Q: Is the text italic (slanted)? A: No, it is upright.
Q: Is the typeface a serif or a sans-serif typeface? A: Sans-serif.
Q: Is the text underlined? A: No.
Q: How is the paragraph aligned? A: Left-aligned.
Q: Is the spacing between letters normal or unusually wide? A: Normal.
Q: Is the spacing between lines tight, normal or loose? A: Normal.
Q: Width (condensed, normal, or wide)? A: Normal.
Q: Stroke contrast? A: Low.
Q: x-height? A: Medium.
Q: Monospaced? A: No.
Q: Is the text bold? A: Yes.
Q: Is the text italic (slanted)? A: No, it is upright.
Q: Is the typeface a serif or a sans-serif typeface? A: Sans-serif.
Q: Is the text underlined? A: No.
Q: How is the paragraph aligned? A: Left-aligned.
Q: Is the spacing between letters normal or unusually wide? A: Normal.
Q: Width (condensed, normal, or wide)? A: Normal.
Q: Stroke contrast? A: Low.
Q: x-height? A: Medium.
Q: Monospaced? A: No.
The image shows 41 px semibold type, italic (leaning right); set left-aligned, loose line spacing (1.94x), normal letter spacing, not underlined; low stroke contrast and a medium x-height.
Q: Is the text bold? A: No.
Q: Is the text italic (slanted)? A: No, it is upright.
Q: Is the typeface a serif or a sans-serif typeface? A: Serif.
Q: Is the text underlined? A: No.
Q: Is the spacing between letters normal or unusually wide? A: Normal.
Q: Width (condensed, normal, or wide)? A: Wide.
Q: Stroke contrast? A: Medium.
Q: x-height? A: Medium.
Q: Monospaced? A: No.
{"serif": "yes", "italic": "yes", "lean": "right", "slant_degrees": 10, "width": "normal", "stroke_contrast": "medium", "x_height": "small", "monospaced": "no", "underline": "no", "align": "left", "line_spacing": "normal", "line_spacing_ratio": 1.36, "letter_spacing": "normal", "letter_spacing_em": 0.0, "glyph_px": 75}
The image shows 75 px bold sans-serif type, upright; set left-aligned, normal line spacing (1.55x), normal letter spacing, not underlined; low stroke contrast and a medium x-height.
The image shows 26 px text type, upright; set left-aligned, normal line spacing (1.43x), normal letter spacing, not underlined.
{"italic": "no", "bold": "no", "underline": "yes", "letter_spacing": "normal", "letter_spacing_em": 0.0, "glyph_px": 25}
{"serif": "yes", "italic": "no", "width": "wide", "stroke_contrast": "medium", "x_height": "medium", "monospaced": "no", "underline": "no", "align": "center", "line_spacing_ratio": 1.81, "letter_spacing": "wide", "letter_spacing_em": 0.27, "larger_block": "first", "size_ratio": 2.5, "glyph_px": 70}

....

▸ Problem description
Among the records above, extract exactly the lines from the line with "Q: Is the spacing between lines" to the line with "Q: Is the text bold? A: Yes.", both lines included, and leave out the rest.

▸ Task result
Q: Is the spacing between lines tight, normal or loose? A: Normal.
Q: Width (condensed, normal, or wide)? A: Normal.
Q: Stroke contrast? A: Low.
Q: x-height? A: Medium.
Q: Monospaced? A: No.
Q: Is the text bold? A: Yes.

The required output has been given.